Les structures forgent les leaders
La conférence s’est ouverte par une reconnaissance des territoires traditionnels prononcée par une grand-mère autochtone et gardienne du savoir, ancrant ainsi la semaine dans un esprit de réconciliation et de responsabilité. S’en sont suivi quatre jours de séances plénières, d’ateliers et de discussions articulés autour d’une conviction centrale :
le leadership des femmes ne s’impose pas de lui-même. Il se construit, délibérément, au fil du temps, grâce à des structures qui refusent d’attendre qu’on leur en octroie la permission.
Le programme « Femmes d’acier » est antérieur à la représentation féminine au sein du Comité exécutif de l’USW. Depuis sa création, il a permis l’obtention d’aménagements spécifiques pour les femmes enceintes, d’espaces réservés à l’allaitement, d’EPI (équipements de protection individuelle) adaptés à la morphologie des femmes et de clauses contractuelles qui reflètent leurs réalités.
Aujourd’hui, la majorité des chefs de département de l’USW sont des femmes. Trois femmes siègent au Comité exécutif. Une femme occupe la Présidence internationale.

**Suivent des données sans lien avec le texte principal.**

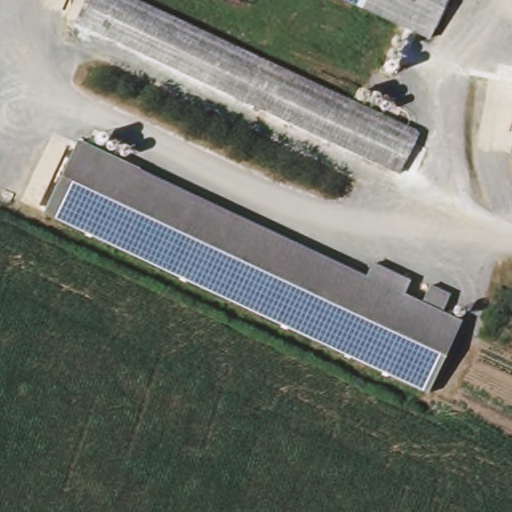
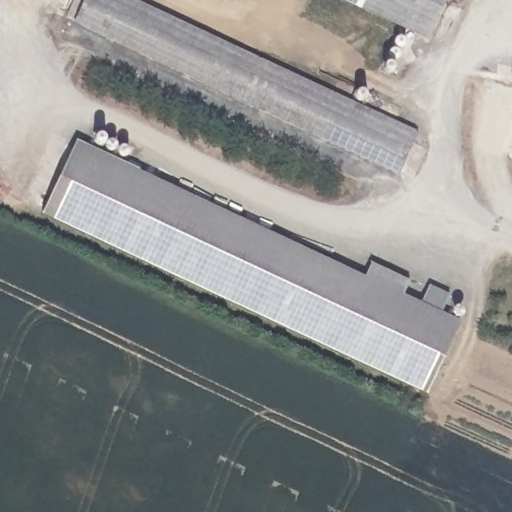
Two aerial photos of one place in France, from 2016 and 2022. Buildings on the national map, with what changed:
unchanged [(79,12),(86,0),(149,0),(415,136),(396,174),(79,12)]
unchanged [(431,41),(349,0),(450,0),(431,41)]
unchanged [(512,120),(512,156),(505,154),(512,120)]
unchanged [(369,259),(408,278),(399,295),(465,327),(431,399),(43,219),(79,144),(360,277),(369,259)]

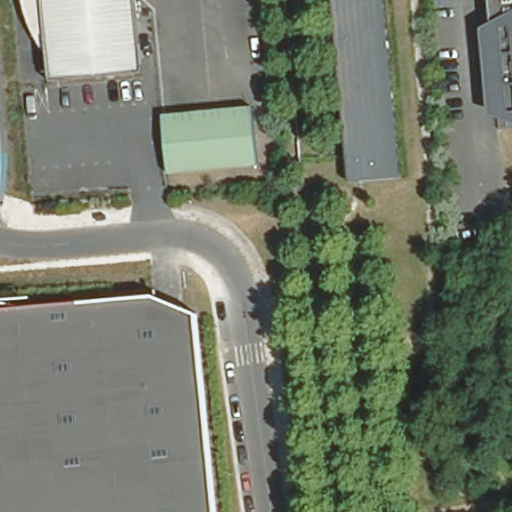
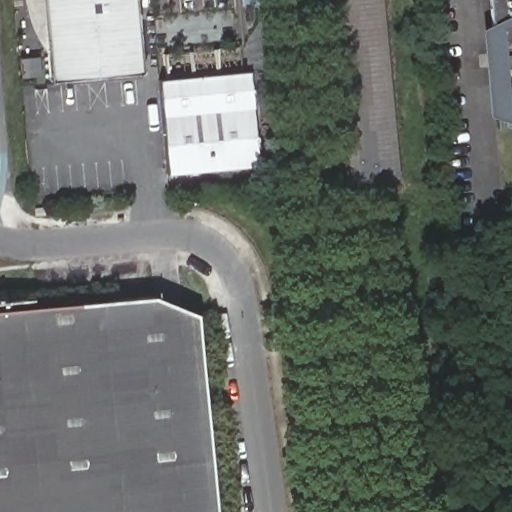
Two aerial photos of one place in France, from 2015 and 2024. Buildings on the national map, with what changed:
unchanged [(46,78),(39,0),(132,0),(138,70),(46,78)]
unchanged [(333,0),(384,0),(402,179),(352,183),(333,0)]
unchanged [(486,3),(480,3),(480,0),(512,0),(512,118),(497,119),(486,3)]
new [(161,79),(254,71),(257,103),(165,110),(161,79)]
unchanged [(257,103),(262,164),(170,172),(165,110),(257,103)]
unchanged [(156,297),(197,314),(216,512),(0,512),(0,310),(156,297)]

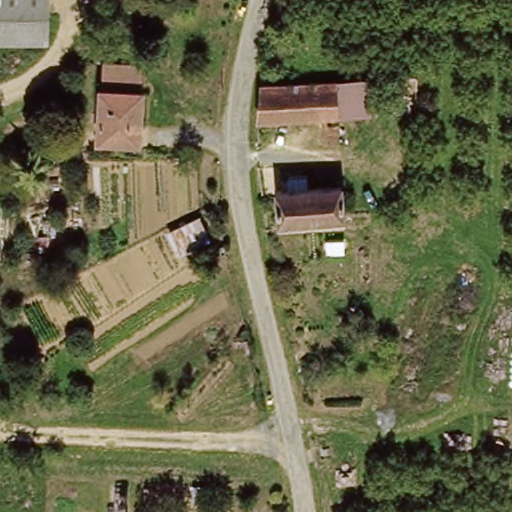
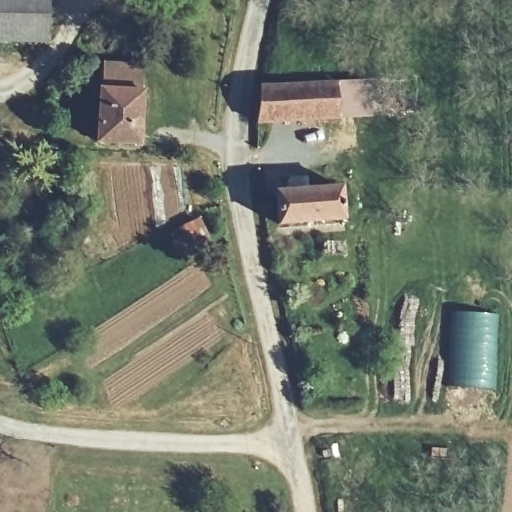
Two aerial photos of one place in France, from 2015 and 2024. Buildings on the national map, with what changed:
unchanged [(0,39),(0,0),(48,0),(48,39),(0,39)]
unchanged [(138,140),(98,138),(100,86),(105,86),(106,62),(138,65),(136,88),(141,89),(138,140)]
unchanged [(371,77),(374,120),(338,122),(334,79),(371,77)]
unchanged [(338,122),(339,138),(327,139),(325,118),(261,120),(264,83),(334,79),(338,122)]
unchanged [(278,190),(291,189),(289,176),(310,175),(311,187),(343,185),(346,219),(280,221),(278,190)]
unchanged [(219,245),(176,262),(164,234),(208,219),(219,245)]
new [(449,310),(499,313),(496,387),(446,382),(449,310)]

Randie Pearson a souligné sans ambigüité toute l’importance du phénomène :
« Chacune d’entre vous dans cette salle possède ce même pouvoir. Peut-être n’en avez-vous pas encore conscience. Peut-être vous a-t-on dit de vous asseoir et de vous taire ou encore d’attendre votre tour. Mais vous n’avez pas à attendre. Votre voix compte ici et maintenant. »
Carol Landry, ancienne Vice-présidente de l’USW et ancienne membre du Comité exécutif d’IndustriALL, a replacé ce parcours dans son contexte lors de la réception de clôture.
Ce sont les femmes du District 6 qui, au début des années 1990, ont soumis la proposition à Leo Gerard, alors Président international, initiative qui a finalement donné naissance à Femmes d’Acier. Carol Landry a été la première femme élue au Conseil exécutif de l’USW et a également siégé au Comité exécutif d’IndustriALL. Plusieurs décennies plus tard, elle se retrouve dans cette salle de conférence, à Toronto, face à une femme désignée au poste de Présidente internationale.

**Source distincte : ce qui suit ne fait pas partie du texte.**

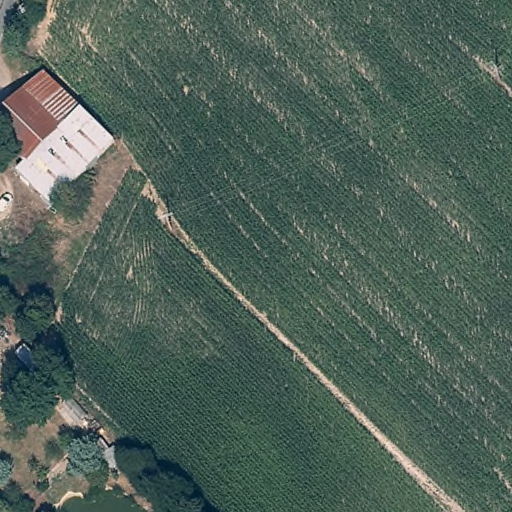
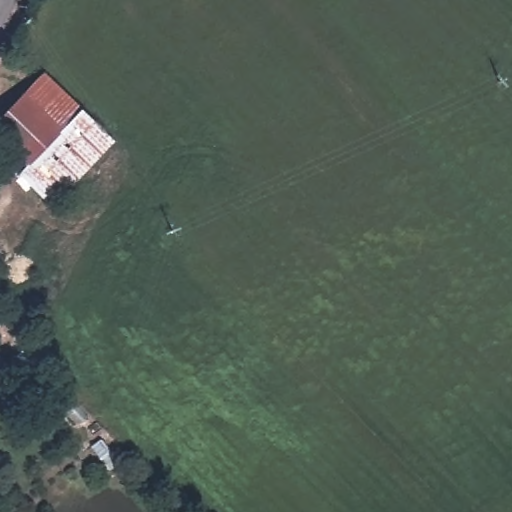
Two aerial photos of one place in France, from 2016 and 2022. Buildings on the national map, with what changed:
unchanged [(7,150),(0,142),(0,119),(48,72),(83,108),(23,165),(7,150)]
unchanged [(46,208),(0,159),(0,158),(7,150),(23,165),(83,108),(116,142),(46,208)]

La politique : un engagement personnel
La deuxième journée s’est ouverte sur une session consacrée à la politique, aux pratiques en vigueur et à la place réservée aux femmes. Amber Miller, Vice-présidente internationale nouvellement élue, a établi un lien immédiat et profond avec l’assemblée.

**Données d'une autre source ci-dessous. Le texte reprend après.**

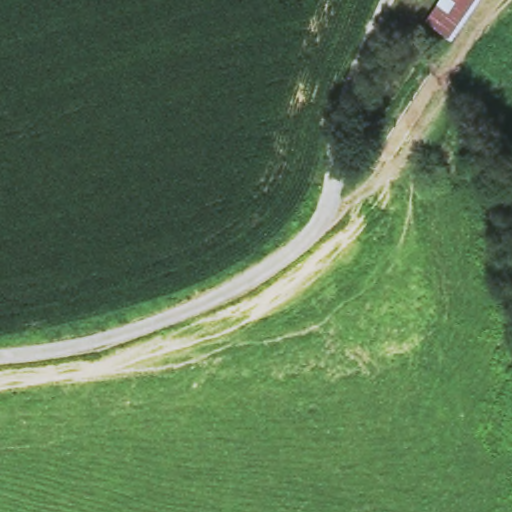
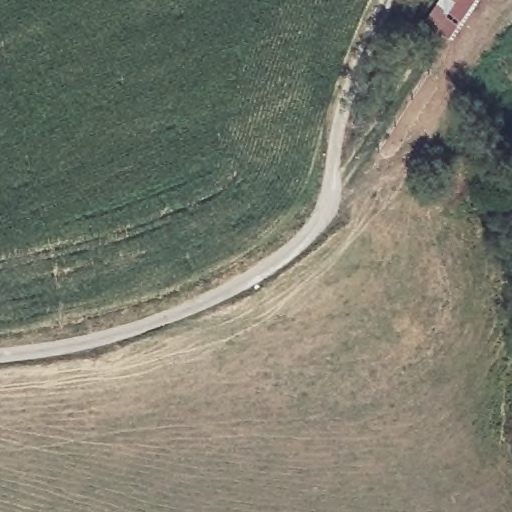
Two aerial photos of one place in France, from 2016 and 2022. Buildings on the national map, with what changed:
unchanged [(455,44),(426,28),(442,0),(484,0),(455,44)]

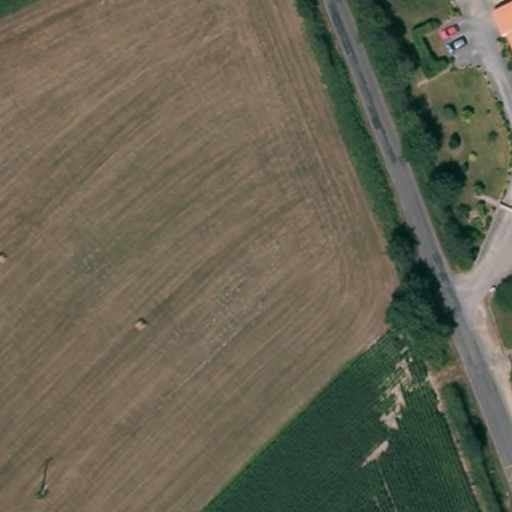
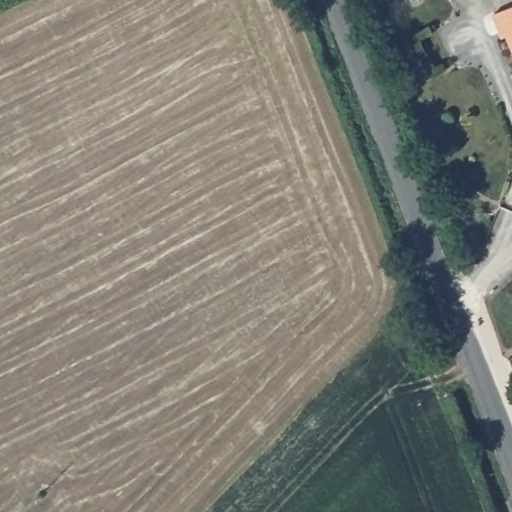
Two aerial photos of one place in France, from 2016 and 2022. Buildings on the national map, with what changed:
unchanged [(494,11),(512,4),(512,41),(509,33),(504,35),(494,11)]

S’appuyant sur sa propre expérience de femme active dans des environnements de travail industriels, sur les conditions dangereuses qui y règnent, sur le poste qu’elle a effectué deux semaines seulement après avoir accouché parce que sa famille ne pouvait pas se permettre qu’elle reste à l’arrêt plus longtemps, elle a démontré que la politique n’est jamais abstraite.
« La politique détermine qui a du crédit, qui accède à des opportunités, qui est protégé, qui est licencié », a-t-elle déclaré. « Cette sélection n’est pas accidentelle. Elle se produit parce que des gens prennent des décisions et que celles-ci sont façonnées par les pratiques, par la culture et par ceux qui détiennent le pouvoir. »
Connaissez votre pouvoir
Durant cette semaine, des ateliers ont fourni aux participantes des outils pratiques relatifs à la santé et la sécurité, à la négociation, à l’engagement citoyen et au leadership qu’elles pourront mettre au service de leurs sections locales.
La Présidente internationale de l’USW, Roxanne Brown, a exhorté chaque femme présente dans la salle à savoir qui elle est avant que le monde ne tente de la définir à sa place.
« Tôt ou tard, le monde va essayer de vous imposer sa propre vision de qui vous êtes. Il est donc vraiment important que vous ayez conscience de qui vous êtes. Ainsi, lorsque ce moment viendra, vous vous dresserez, fortes de savoir qui vous êtes. »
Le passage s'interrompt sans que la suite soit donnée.